--- AVAILABLE DATA ---

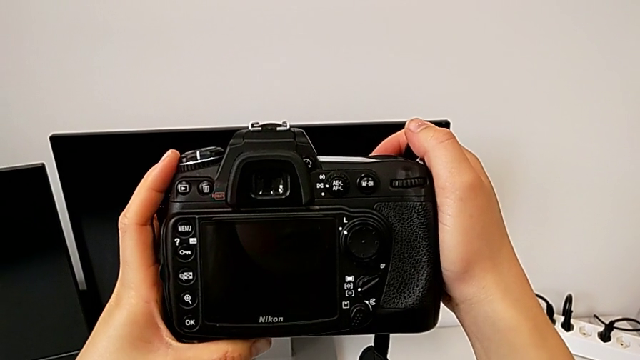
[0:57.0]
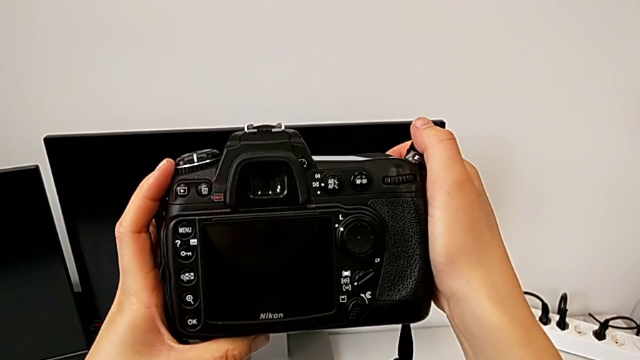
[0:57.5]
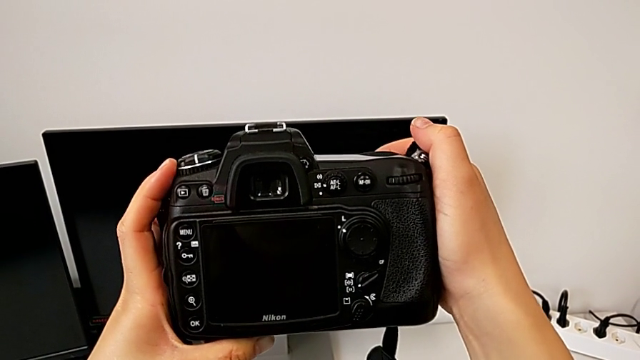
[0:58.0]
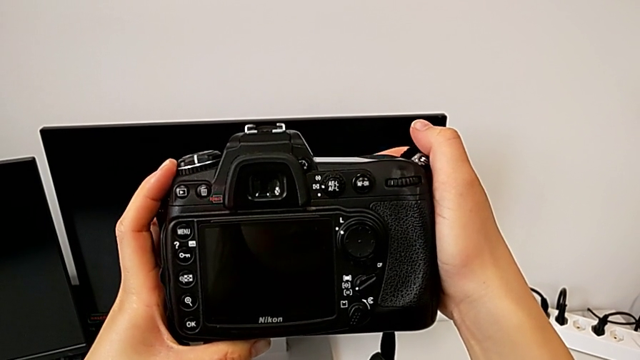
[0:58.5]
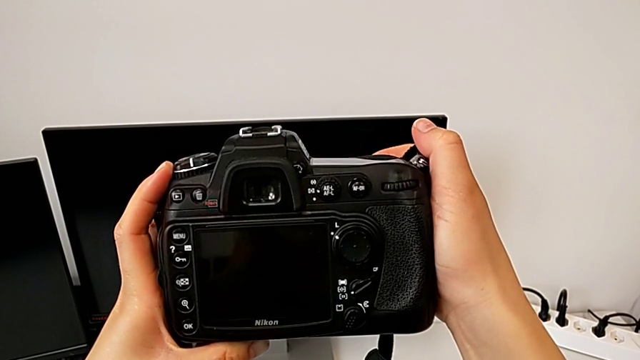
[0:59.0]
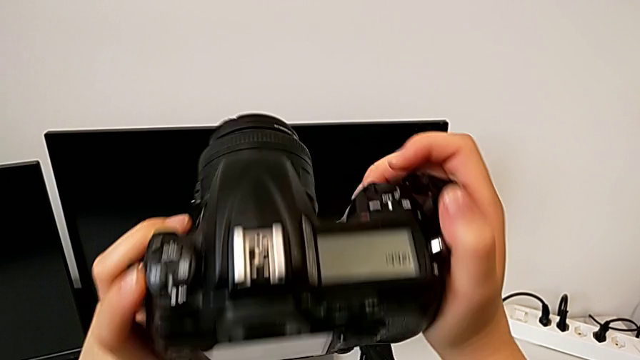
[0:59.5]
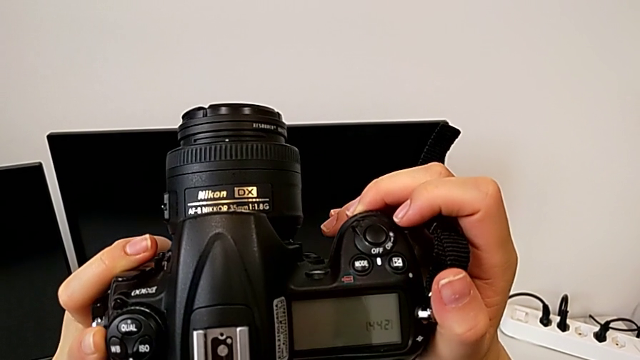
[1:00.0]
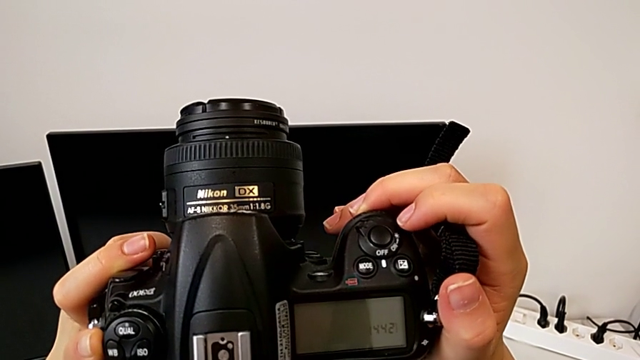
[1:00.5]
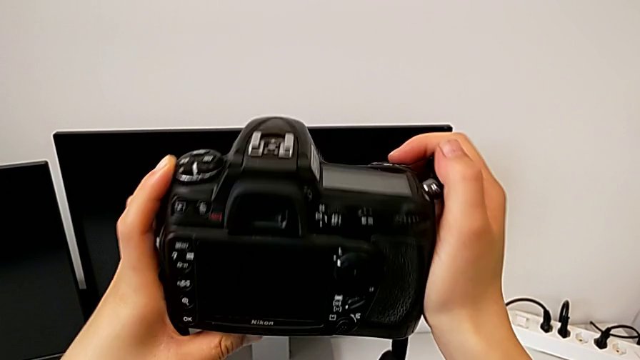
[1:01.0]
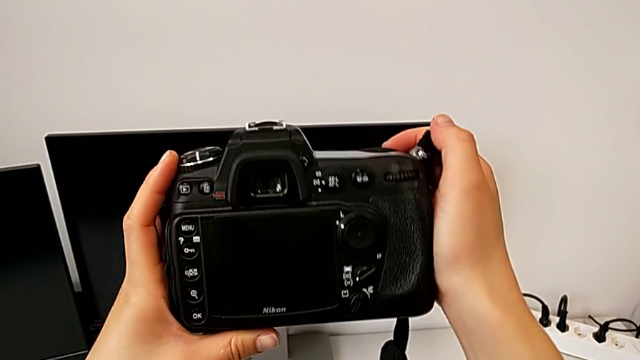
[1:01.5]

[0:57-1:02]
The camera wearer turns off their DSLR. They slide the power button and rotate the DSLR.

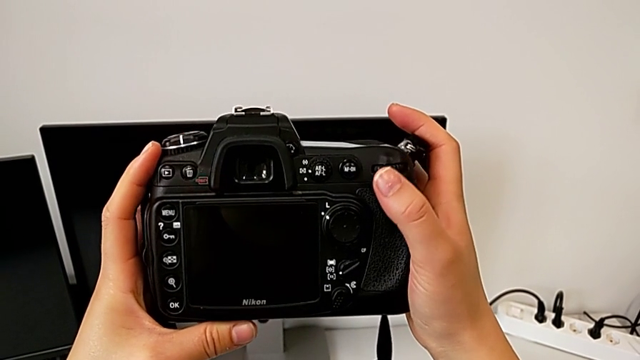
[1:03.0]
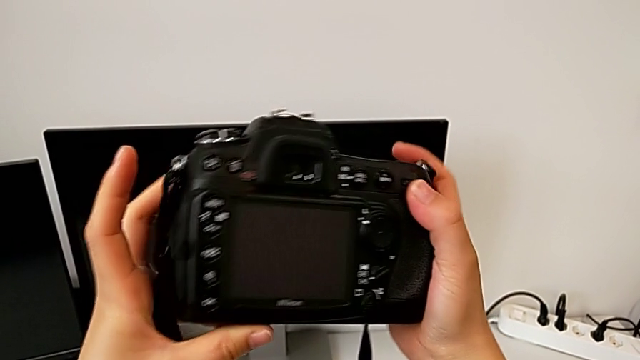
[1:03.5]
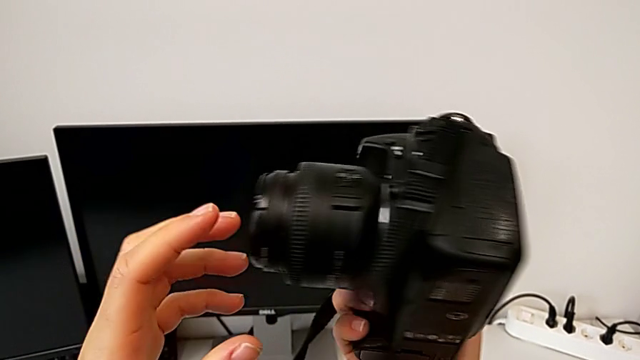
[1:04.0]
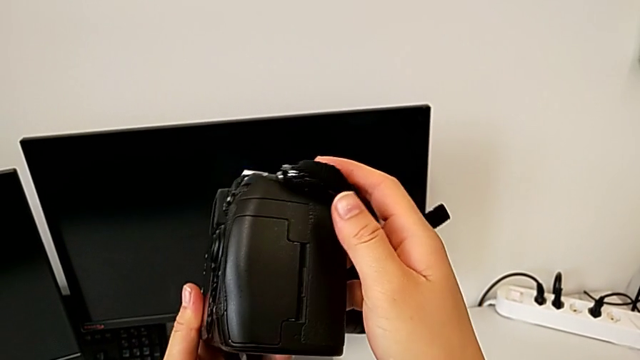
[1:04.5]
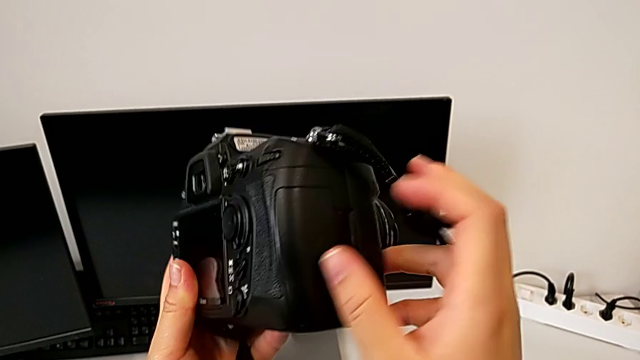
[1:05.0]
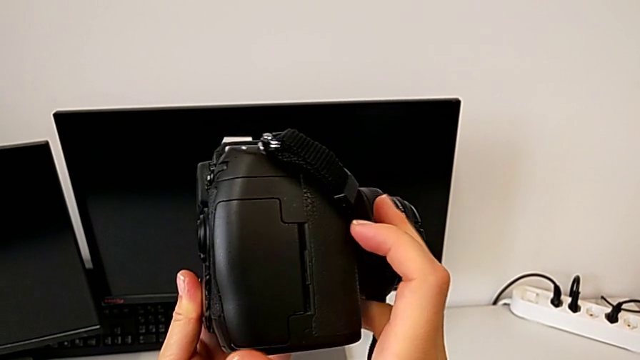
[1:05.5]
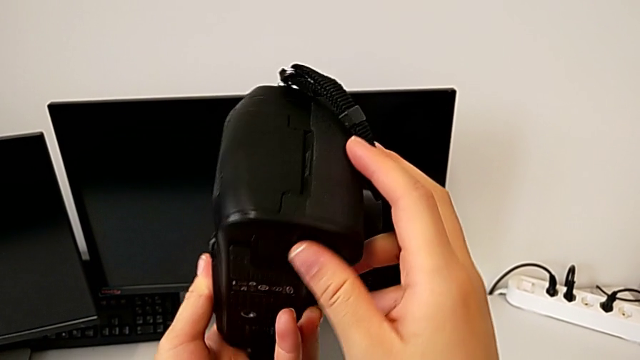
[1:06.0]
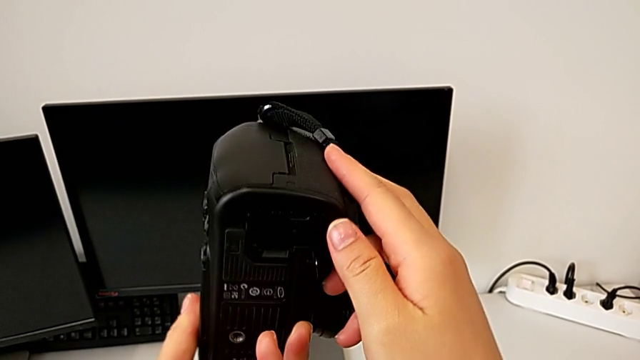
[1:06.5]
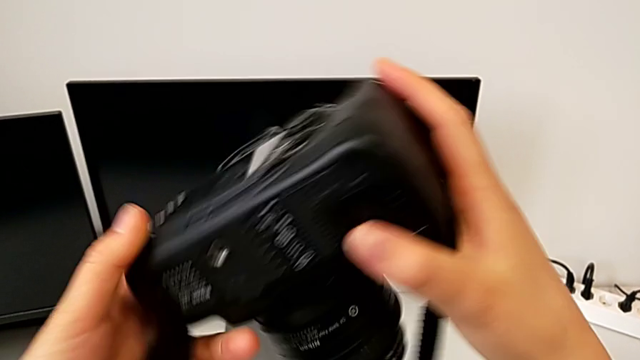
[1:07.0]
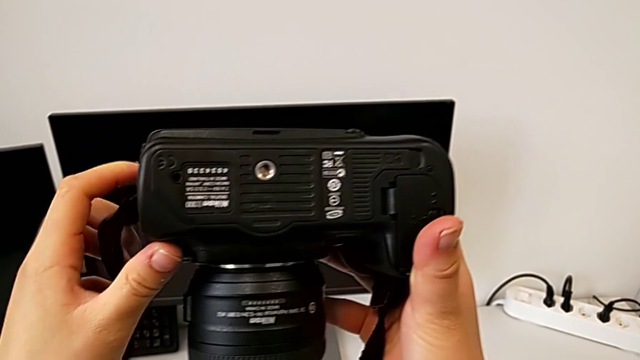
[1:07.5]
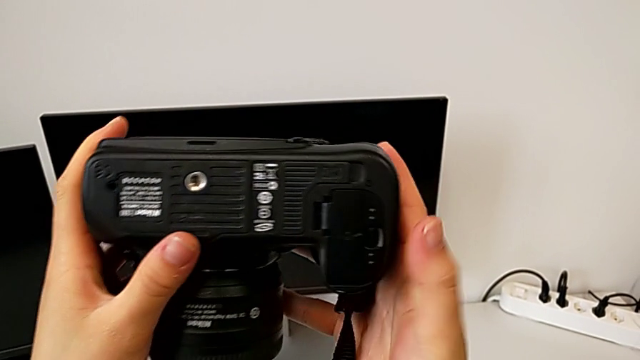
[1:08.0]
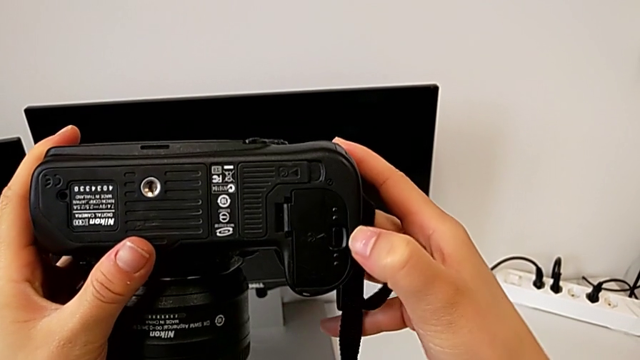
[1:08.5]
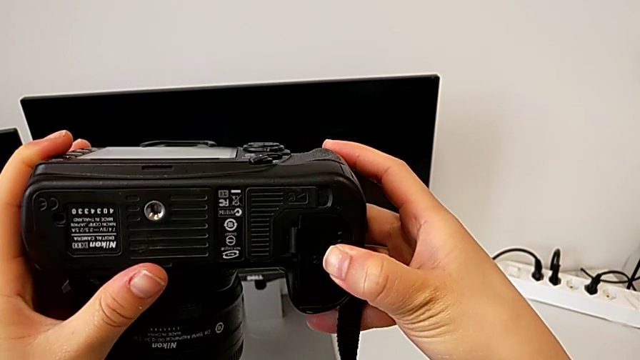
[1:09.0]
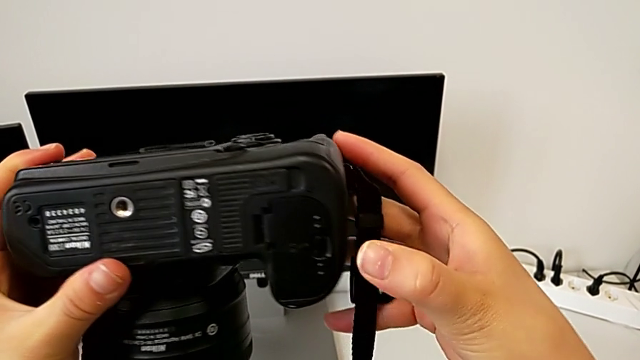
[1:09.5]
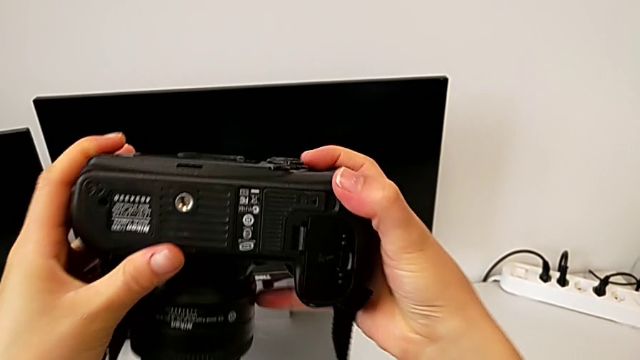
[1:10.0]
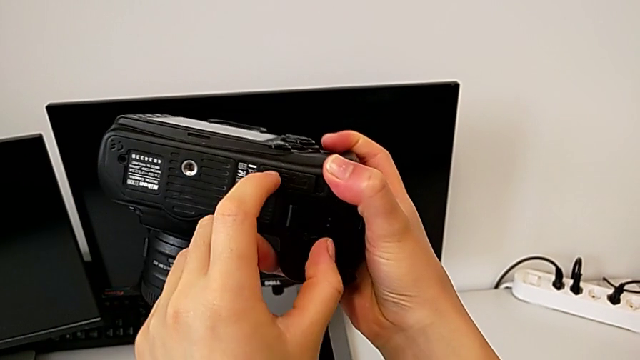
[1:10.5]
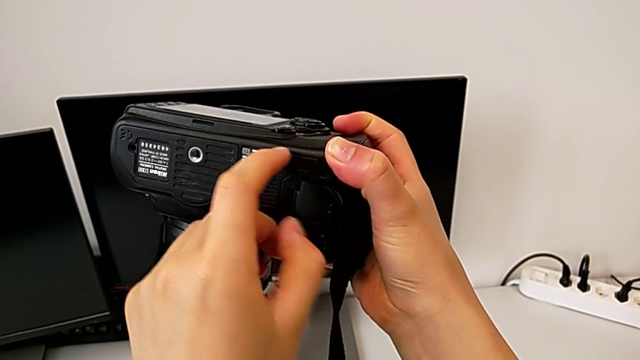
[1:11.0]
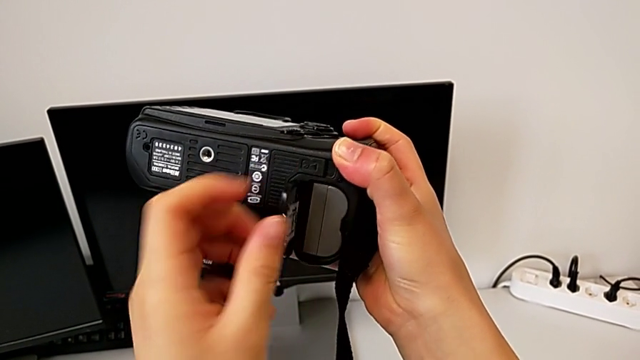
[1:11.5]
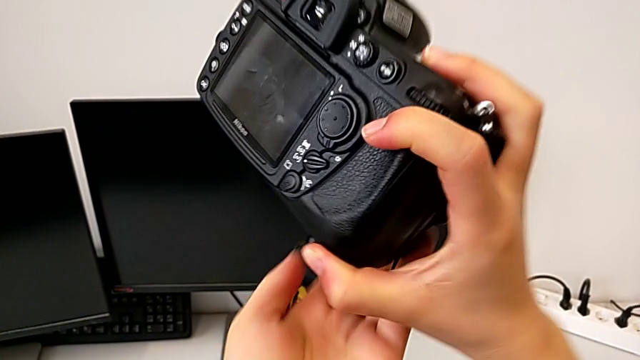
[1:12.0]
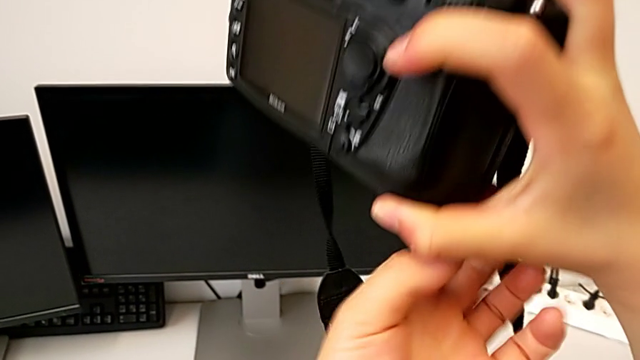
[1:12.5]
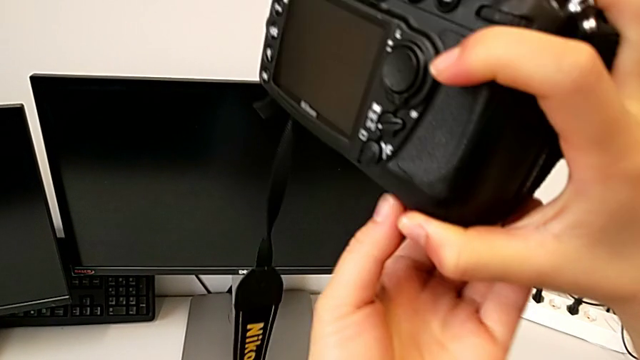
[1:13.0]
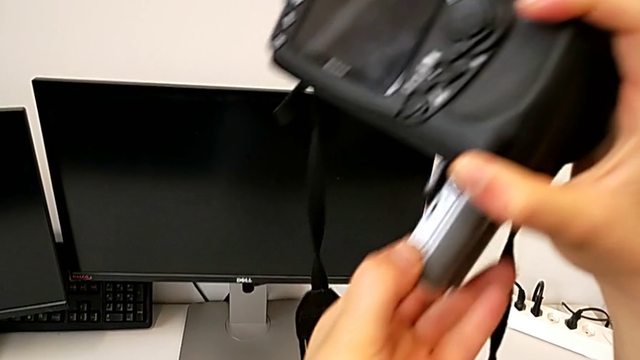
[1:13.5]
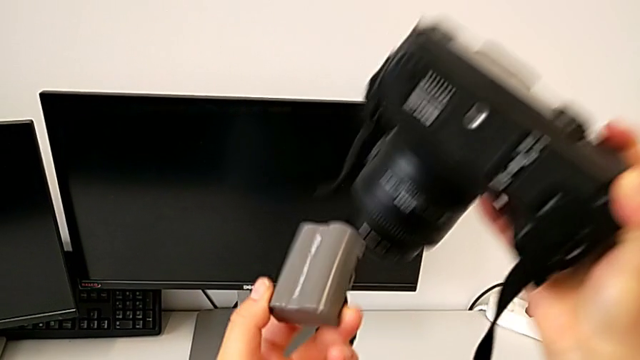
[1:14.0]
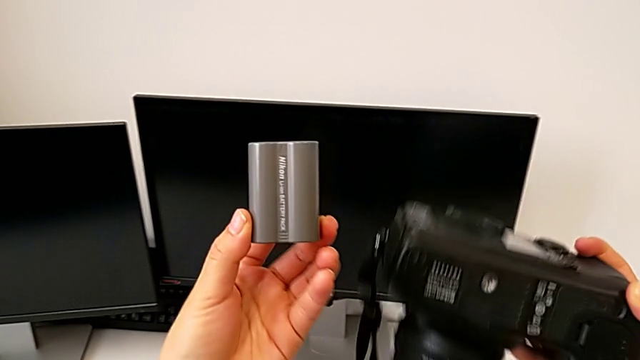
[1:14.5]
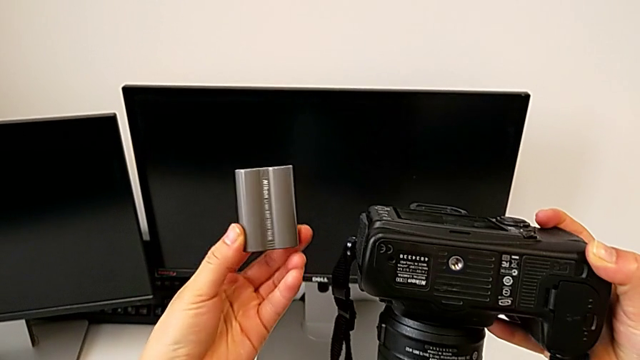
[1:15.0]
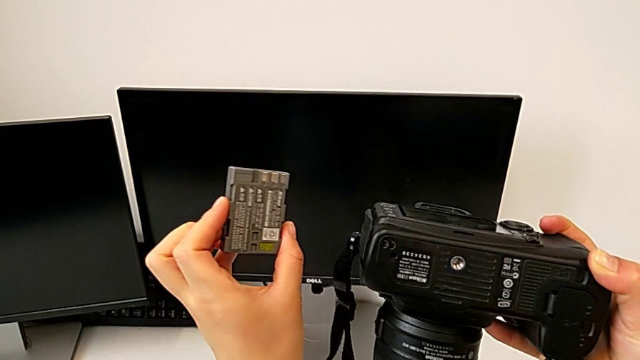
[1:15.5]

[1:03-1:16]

---

**TO DO:**
If pictures appear among the records, do not carry them over; retype the rest exactly.

**EXERCISE SOLUTION:**
[0:57.0]
[0:57.5]
[0:58.0]
[0:58.5]
[0:59.0]
[0:59.5]
[1:00.0]
[1:00.5]
[1:01.0]
[1:01.5]

[0:57-1:02]
The camera wearer turns off their DSLR. They slide the power button and rotate the DSLR.

[1:03.0]
[1:03.5]
[1:04.0]
[1:04.5]
[1:05.0]
[1:05.5]
[1:06.0]
[1:06.5]
[1:07.0]
[1:07.5]
[1:08.0]
[1:08.5]
[1:09.0]
[1:09.5]
[1:10.0]
[1:10.5]
[1:11.0]
[1:11.5]
[1:12.0]
[1:12.5]
[1:13.0]
[1:13.5]
[1:14.0]
[1:14.5]
[1:15.0]
[1:15.5]

[1:03-1:16]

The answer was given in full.